* **Work instruction**
Below is a listing. Set down exactly the lines from the one containing "land cover: Shrubland with sparse tree cover" through the one containing "longitude: 5.5739", both ends included, and leave out the rest.

*** Provided information Section Begins ***

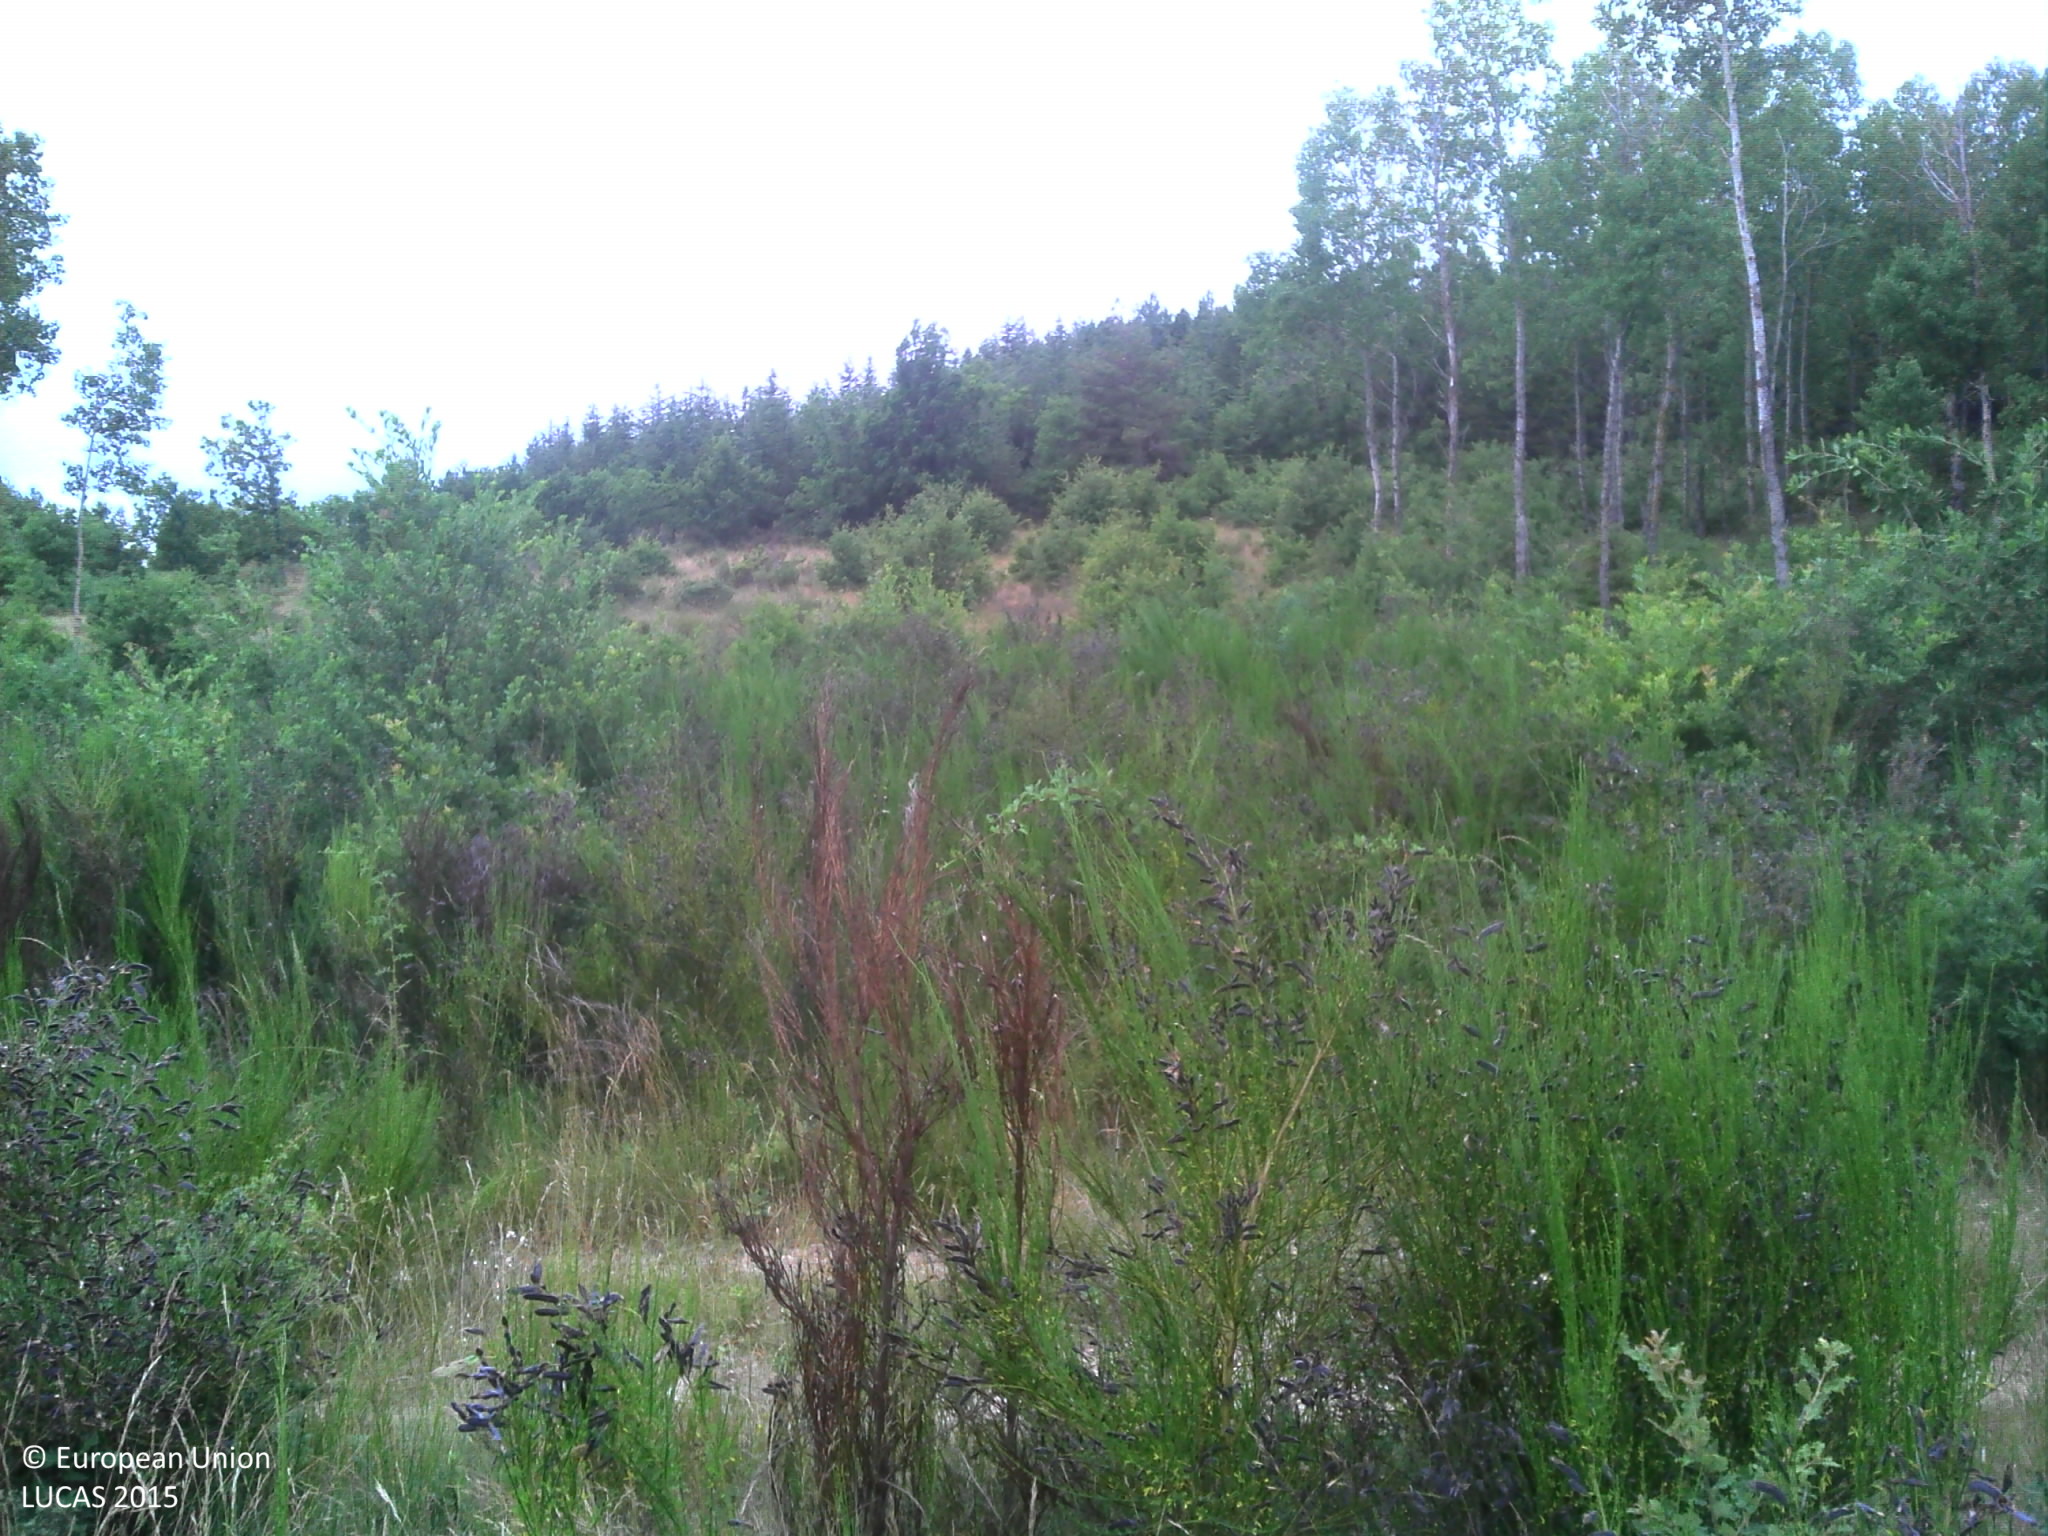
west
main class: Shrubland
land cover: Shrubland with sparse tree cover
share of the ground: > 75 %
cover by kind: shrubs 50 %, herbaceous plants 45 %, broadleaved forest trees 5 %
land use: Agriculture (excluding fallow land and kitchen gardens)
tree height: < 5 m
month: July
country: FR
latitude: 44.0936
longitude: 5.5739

*** Provided information Section Ends ***
*** Provided information Section Begins ***

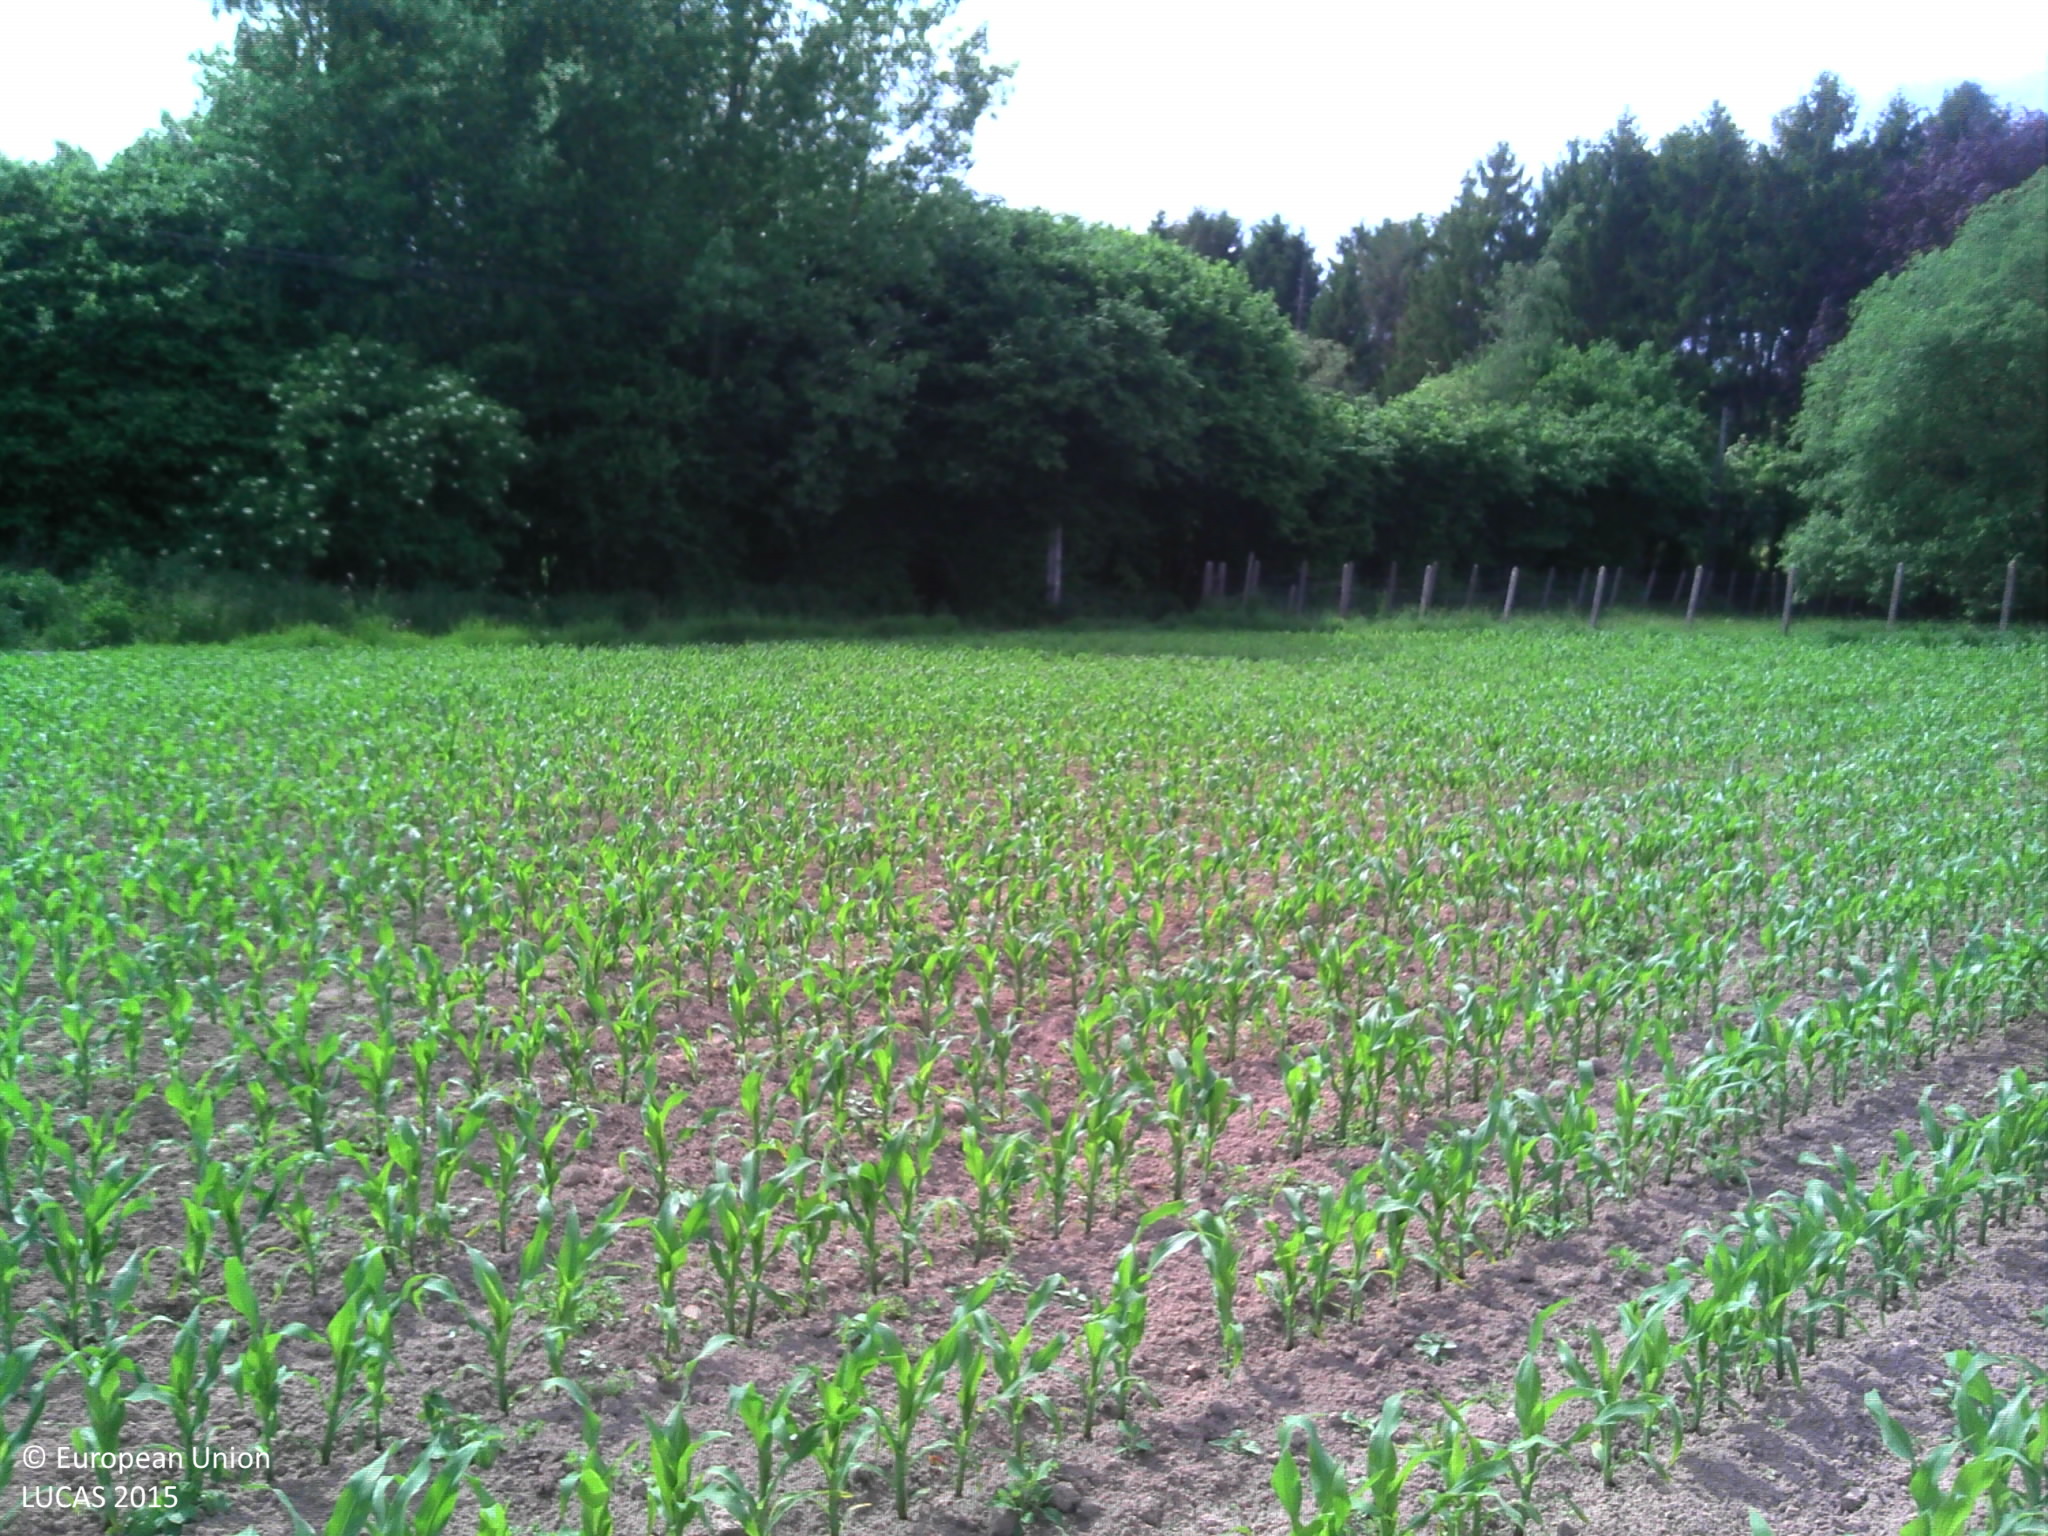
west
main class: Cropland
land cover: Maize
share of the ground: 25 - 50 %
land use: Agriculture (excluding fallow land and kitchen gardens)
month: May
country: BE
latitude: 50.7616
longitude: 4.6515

*** Provided information Section Ends ***

* **Response**
land cover: Shrubland with sparse tree cover
share of the ground: > 75 %
cover by kind: shrubs 50 %, herbaceous plants 45 %, broadleaved forest trees 5 %
land use: Agriculture (excluding fallow land and kitchen gardens)
tree height: < 5 m
month: July
country: FR
latitude: 44.0936
longitude: 5.5739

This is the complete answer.